◆ Task objective
The reply must consist of the lines from the first line of the records through the line containing "35.299C20.808 34.065 20.535", copied exactly, with every picture omitted.

+===+

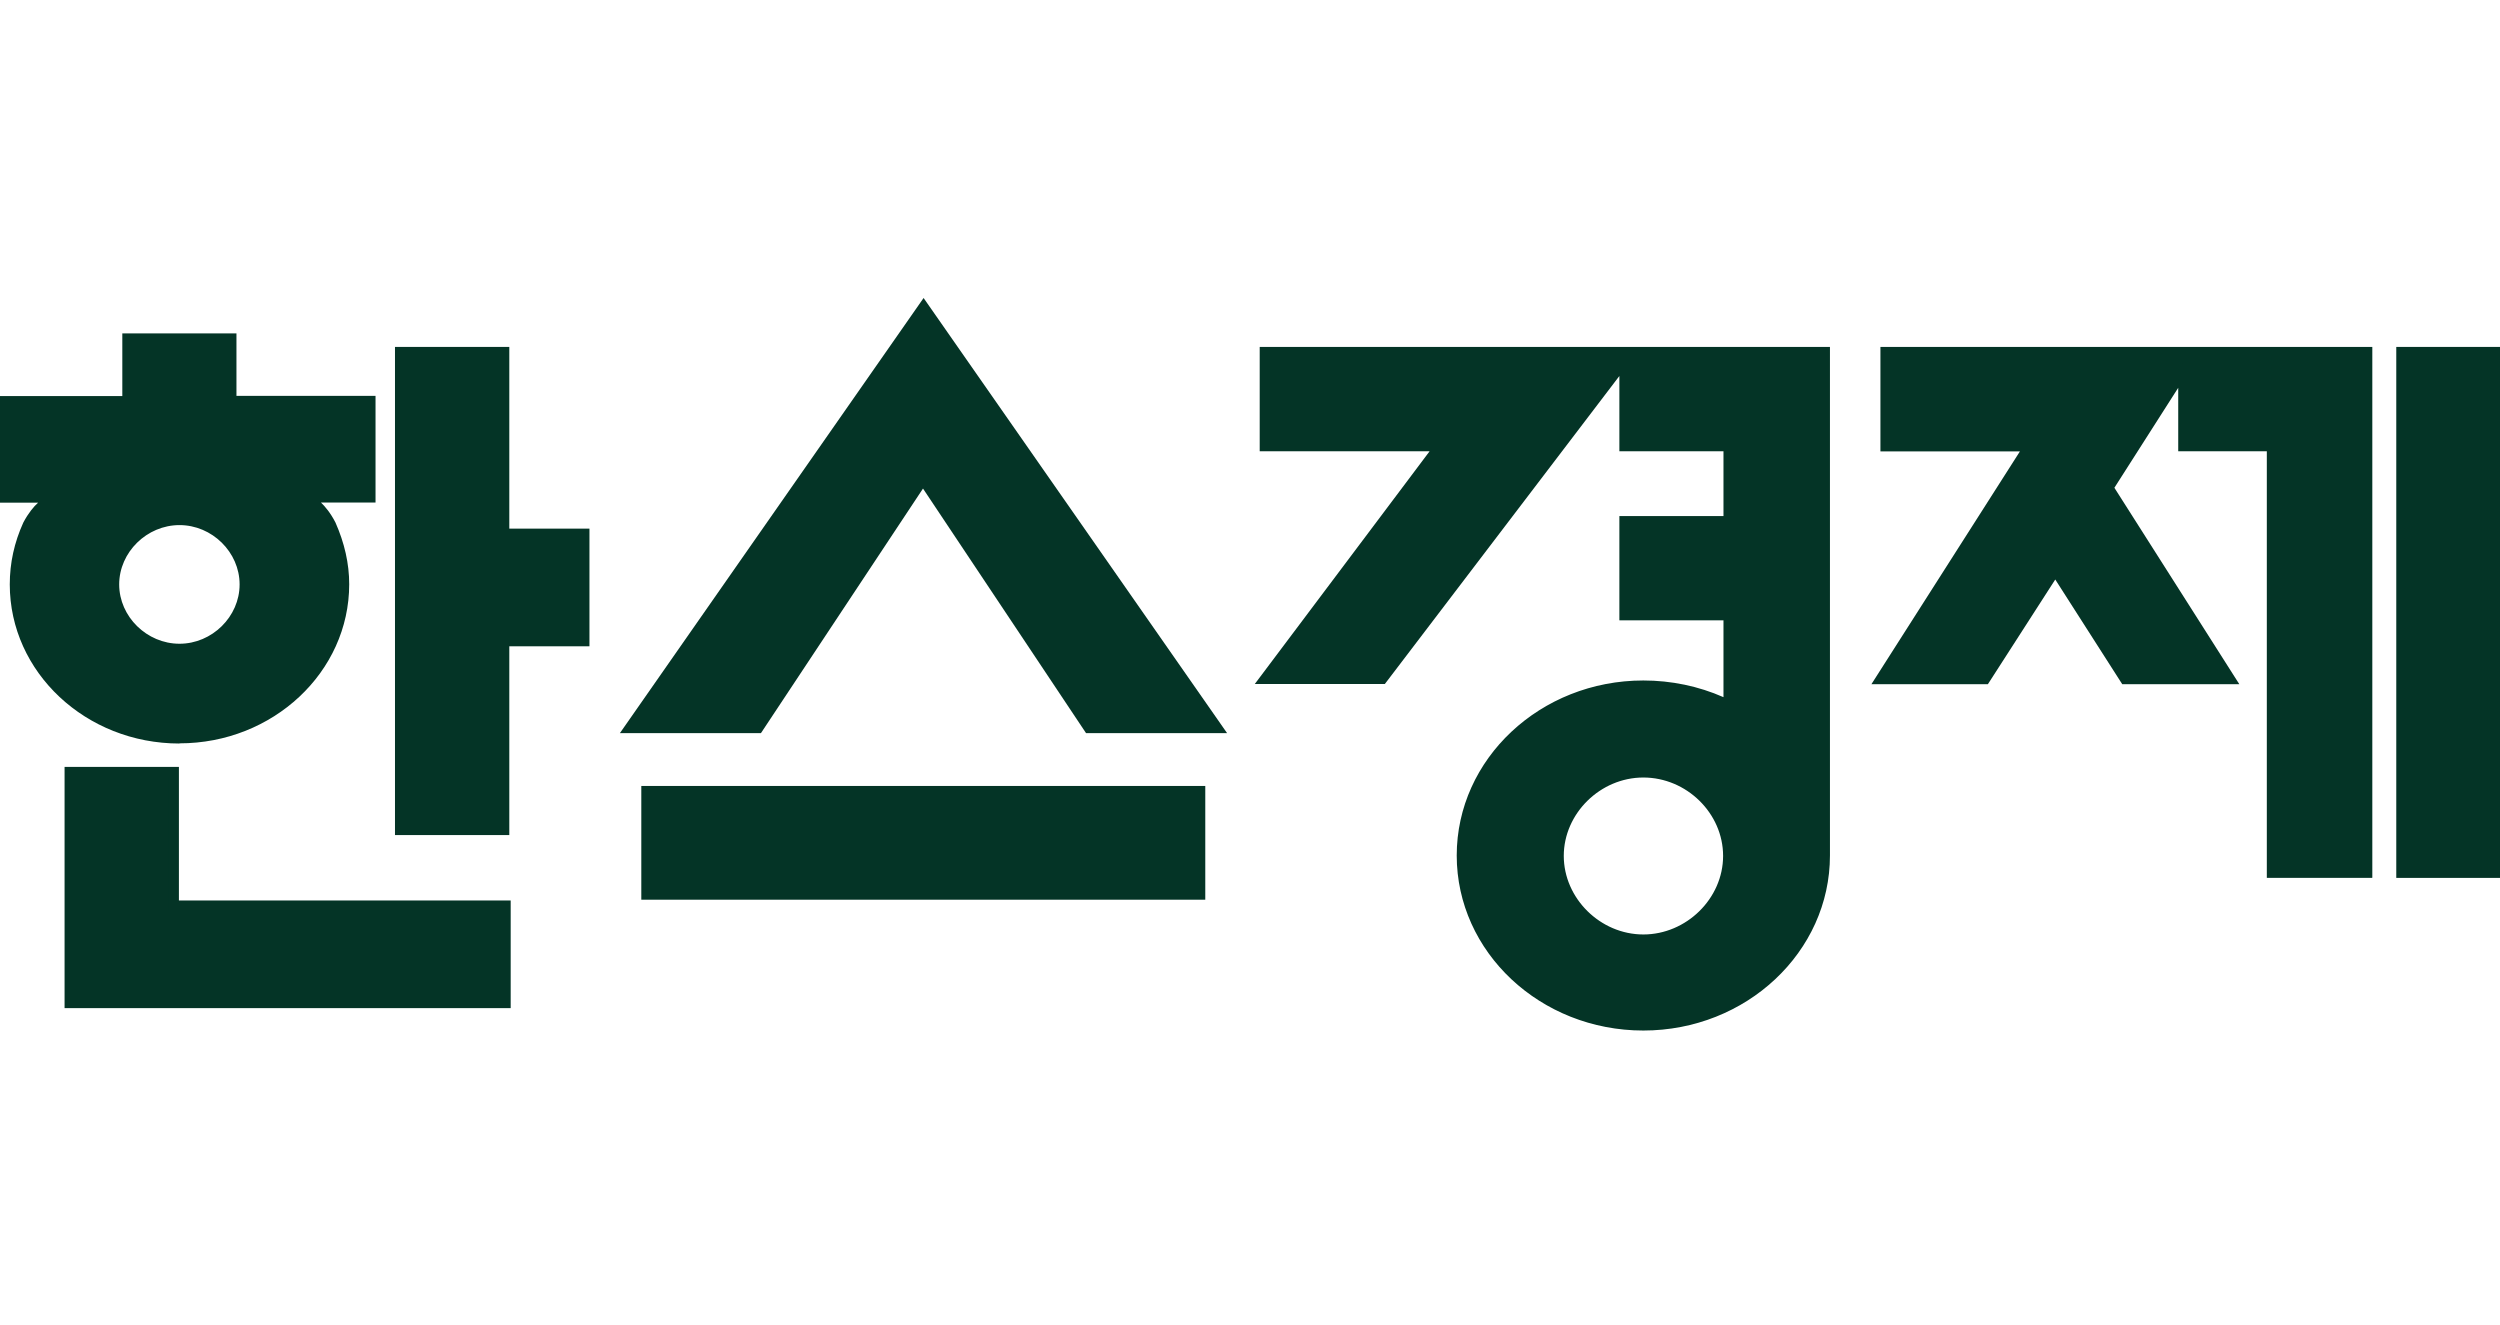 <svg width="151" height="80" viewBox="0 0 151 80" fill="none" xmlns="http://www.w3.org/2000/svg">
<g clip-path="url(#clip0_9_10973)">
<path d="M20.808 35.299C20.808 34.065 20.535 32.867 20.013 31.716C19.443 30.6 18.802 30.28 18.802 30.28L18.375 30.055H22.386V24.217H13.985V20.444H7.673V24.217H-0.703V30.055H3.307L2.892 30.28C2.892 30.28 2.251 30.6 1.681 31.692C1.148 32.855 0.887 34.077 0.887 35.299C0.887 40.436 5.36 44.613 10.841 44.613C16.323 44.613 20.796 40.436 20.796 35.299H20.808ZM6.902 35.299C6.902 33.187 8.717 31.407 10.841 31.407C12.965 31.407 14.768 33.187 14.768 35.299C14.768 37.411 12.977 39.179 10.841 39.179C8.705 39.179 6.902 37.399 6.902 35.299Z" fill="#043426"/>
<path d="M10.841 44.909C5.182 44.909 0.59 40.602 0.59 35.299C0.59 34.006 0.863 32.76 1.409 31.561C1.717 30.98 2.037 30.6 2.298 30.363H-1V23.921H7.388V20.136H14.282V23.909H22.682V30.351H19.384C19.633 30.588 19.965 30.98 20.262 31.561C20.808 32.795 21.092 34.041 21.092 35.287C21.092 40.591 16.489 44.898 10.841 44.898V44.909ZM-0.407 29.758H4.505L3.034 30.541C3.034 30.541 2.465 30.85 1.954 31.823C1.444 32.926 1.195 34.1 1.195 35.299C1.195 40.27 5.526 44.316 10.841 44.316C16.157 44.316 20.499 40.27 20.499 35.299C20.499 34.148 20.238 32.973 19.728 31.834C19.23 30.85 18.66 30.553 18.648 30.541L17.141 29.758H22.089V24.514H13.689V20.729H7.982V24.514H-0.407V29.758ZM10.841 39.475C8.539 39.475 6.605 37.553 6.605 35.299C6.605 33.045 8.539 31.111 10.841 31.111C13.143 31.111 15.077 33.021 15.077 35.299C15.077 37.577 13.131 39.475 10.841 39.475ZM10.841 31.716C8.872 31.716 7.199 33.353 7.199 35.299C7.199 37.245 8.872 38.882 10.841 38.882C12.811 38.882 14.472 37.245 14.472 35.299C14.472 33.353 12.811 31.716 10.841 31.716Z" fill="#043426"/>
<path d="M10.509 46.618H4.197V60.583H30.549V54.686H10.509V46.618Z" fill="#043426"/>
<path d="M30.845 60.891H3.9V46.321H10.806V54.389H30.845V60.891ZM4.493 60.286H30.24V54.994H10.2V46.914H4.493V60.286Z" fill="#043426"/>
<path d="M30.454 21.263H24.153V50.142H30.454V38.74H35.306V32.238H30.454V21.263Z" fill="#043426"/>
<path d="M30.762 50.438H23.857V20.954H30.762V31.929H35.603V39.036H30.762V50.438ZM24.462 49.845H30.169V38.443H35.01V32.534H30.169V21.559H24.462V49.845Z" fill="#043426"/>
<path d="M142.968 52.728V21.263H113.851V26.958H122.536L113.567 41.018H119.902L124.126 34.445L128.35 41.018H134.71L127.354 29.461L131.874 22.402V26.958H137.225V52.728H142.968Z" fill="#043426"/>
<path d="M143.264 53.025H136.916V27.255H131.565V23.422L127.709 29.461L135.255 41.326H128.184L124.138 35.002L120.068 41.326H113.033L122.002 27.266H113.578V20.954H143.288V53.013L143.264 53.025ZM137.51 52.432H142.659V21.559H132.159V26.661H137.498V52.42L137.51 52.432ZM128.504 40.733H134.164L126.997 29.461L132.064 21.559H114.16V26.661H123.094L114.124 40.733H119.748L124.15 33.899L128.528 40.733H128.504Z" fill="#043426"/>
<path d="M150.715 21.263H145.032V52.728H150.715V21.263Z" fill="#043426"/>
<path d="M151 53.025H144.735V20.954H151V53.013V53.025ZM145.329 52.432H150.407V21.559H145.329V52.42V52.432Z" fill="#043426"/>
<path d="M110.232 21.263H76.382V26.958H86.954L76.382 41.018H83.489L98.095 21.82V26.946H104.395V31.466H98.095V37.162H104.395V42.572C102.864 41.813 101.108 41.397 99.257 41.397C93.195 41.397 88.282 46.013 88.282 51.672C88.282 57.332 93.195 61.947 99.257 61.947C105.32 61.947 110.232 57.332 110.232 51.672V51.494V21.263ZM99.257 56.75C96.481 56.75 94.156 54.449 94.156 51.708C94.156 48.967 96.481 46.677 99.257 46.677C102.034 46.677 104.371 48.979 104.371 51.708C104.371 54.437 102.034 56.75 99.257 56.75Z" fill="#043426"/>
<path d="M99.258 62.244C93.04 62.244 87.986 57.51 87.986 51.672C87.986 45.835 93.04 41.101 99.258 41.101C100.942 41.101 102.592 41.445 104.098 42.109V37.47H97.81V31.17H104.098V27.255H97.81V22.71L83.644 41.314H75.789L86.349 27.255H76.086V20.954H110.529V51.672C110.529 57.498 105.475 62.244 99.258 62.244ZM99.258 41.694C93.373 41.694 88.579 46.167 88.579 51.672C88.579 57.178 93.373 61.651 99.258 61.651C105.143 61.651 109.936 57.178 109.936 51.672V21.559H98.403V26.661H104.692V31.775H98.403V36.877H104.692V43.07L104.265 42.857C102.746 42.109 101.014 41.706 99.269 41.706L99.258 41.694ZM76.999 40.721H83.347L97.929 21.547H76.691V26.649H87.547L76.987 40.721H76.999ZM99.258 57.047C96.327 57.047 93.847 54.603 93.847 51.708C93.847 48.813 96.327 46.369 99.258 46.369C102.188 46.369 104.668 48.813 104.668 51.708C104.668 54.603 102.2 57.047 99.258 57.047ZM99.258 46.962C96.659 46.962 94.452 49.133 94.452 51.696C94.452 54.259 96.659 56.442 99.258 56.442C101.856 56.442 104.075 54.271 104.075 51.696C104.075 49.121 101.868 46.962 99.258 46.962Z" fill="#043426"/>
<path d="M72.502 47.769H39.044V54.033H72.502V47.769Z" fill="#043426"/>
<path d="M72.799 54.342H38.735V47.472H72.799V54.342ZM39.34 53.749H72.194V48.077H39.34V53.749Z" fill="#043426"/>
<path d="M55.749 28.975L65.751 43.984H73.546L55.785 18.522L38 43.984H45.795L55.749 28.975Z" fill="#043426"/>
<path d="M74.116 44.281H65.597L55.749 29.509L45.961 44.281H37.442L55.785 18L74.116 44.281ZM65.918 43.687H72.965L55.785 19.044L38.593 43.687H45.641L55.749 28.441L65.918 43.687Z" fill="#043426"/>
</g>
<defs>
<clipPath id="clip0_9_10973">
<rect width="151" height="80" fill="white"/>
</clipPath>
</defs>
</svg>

+===+

◆ Solution to this exercise
 <svg width="151" height="80" viewBox="0 0 151 80" fill="none" xmlns="http://www.w3.org/2000/svg">
<g clip-path="url(#clip0_9_10973)">
<path d="M20.808 35.299C20.808 34.065 20.535 32.867 20.013 31.716C19.443 30.6 18.802 30.28 18.802 30.28L18.375 30.055H22.386V24.217H13.985V20.444H7.673V24.217H-0.703V30.055H3.307L2.892 30.28C2.892 30.28 2.251 30.6 1.681 31.692C1.148 32.855 0.887 34.077 0.887 35.299C0.887 40.436 5.36 44.613 10.841 44.613C16.323 44.613 20.796 40.436 20.796 35.299H20.808ZM6.902 35.299C6.902 33.187 8.717 31.407 10.841 31.407C12.965 31.407 14.768 33.187 14.768 35.299C14.768 37.411 12.977 39.179 10.841 39.179C8.705 39.179 6.902 37.399 6.902 35.299Z" fill="#043426"/>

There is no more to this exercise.